Why Seventy and More?
As we examine this descriptive story from Luke, I believe that we are prompted by the Holy Spirit to note a very important historical anomaly. By the power of that same Spirit, we see that Luke deviated to the higher number to state a different, increased number of “sent ones”.
 When we consider this, if we note the normally accepted setting and time of this gospel writing… we know that Luke wrote to the communities of the dispersed Israel. Thus historically, we know that these diaspora communities across the ancient Roman world were receiving many proselytes to their faith who were not Jews.., but were instead were Gentiles. Thus I must consider the thinking that Luke stressed the greater number deliberately… to fit his context… so that mission out into the Gentile nations would be more greatly stressed. Therefore, being more inclusive from a Jewish faith community that was originally rather exclusive in the commissioning of the original twelve apostles, the scribal pen of Luke described the mission driven to reach much farther… to seventy, or seventy two tribes.
 Obviously, today we find the last days were further off than first thought. But we know that the Lukan figure represents the historic Hebrew numbering of tribes that were “not” Israel. In this way, Luke related to his churches that the apostolic mission was to go far beyond anyone’s previous myopic human horizon. The church mission, according to Luke, is far more universal in its field.
 We must note with importance, however, that what applied to the twelve disciples, also applied to the seventy plus... for our Lord stressed that some will hear and some will not. This included Israel and beyond. Thus it is that we, as disciples today even further removed in time, also shall experience unbelief, hardship, persecutions and all the woes of those who believe. We too work forward in a sin-ridden, unbelieving world. Yet, far be it that we should experience forsakenness in mission. You see, though sinful ourselves and prone to stumble, we can rejoice that through no merit of our own we have been forgiven and are chosen for mission in this modern, heavy-laden scientific society. By power of the Holy Spirit, we of the church are called yet to proclaim. We know that even though we are more numerous than our predecessors in the faith, and may open constantly our mouths to boldly declare the good news of Jesus Christ’s death and resurrection for our sake.., that this word we speak shall be heard, but not received by all.

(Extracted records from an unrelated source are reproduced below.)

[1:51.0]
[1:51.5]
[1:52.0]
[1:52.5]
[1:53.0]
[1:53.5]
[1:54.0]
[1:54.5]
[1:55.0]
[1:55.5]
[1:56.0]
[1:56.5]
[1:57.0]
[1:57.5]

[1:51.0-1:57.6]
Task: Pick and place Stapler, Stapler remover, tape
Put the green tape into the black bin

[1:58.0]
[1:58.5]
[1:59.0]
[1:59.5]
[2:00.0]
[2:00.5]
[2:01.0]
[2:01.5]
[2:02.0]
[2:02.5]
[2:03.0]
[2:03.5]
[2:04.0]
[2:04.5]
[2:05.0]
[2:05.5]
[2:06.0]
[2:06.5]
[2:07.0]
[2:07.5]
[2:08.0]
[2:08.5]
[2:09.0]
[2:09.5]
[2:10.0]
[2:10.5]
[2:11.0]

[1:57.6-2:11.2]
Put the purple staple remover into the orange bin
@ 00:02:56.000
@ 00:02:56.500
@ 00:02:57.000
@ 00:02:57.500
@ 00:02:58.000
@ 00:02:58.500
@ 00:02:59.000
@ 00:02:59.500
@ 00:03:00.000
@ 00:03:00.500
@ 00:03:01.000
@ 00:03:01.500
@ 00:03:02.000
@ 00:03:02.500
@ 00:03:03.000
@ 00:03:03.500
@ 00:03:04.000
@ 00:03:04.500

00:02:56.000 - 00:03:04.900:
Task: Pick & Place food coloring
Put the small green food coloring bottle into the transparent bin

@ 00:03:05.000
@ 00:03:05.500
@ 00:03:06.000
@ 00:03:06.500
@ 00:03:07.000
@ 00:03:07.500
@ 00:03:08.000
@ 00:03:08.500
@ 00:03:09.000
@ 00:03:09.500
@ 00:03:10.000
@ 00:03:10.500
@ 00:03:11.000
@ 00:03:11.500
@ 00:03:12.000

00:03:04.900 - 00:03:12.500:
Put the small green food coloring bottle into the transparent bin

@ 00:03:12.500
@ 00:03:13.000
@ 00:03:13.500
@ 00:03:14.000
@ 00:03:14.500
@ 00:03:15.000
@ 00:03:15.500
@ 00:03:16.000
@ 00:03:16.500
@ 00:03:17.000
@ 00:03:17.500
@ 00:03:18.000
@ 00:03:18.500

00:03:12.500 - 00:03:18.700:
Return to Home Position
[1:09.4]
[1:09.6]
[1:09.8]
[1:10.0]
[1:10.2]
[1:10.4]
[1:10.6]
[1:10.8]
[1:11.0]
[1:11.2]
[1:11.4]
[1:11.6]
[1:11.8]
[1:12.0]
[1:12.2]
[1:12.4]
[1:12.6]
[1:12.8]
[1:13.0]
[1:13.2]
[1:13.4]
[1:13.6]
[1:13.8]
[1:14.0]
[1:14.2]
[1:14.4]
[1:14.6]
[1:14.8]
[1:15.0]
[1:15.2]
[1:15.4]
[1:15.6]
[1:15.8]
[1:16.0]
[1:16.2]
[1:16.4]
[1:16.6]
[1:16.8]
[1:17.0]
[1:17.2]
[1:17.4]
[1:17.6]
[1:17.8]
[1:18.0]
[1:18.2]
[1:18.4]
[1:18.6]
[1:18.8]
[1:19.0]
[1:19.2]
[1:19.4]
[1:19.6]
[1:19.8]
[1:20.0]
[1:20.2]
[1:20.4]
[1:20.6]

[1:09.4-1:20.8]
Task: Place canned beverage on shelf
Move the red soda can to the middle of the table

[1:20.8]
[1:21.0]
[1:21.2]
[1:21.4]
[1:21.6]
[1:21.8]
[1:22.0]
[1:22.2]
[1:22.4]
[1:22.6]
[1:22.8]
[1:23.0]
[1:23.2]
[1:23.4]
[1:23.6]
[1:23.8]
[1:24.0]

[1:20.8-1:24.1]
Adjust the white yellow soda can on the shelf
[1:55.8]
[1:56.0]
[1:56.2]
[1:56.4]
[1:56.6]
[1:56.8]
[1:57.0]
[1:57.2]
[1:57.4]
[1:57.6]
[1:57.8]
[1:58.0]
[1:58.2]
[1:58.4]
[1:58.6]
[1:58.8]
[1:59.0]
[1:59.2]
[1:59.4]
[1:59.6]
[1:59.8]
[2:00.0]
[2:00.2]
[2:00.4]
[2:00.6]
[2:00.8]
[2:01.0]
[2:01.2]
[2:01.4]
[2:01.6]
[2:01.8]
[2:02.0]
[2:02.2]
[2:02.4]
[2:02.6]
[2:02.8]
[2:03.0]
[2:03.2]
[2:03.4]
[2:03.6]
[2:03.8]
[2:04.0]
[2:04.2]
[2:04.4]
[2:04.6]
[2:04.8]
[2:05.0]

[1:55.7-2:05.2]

 Finally, know this! By the grace of God, the throne of Satan and his demonic powers shall be unseated as our collective voice rings out. Knowing this final result, though not always extant to us because of our own sin and stubbornness, we are gently reminded of the love of Christ by the gift of the Holy Spirit. We are reminded that as prophesied by our Lord Jesus, and written from St John’s Revelation… that our names are indeed written in heaven. Jesus is the Alpha and the Omega, the Beginning and the End… and He shall reign forever and ever. Thanks be to God!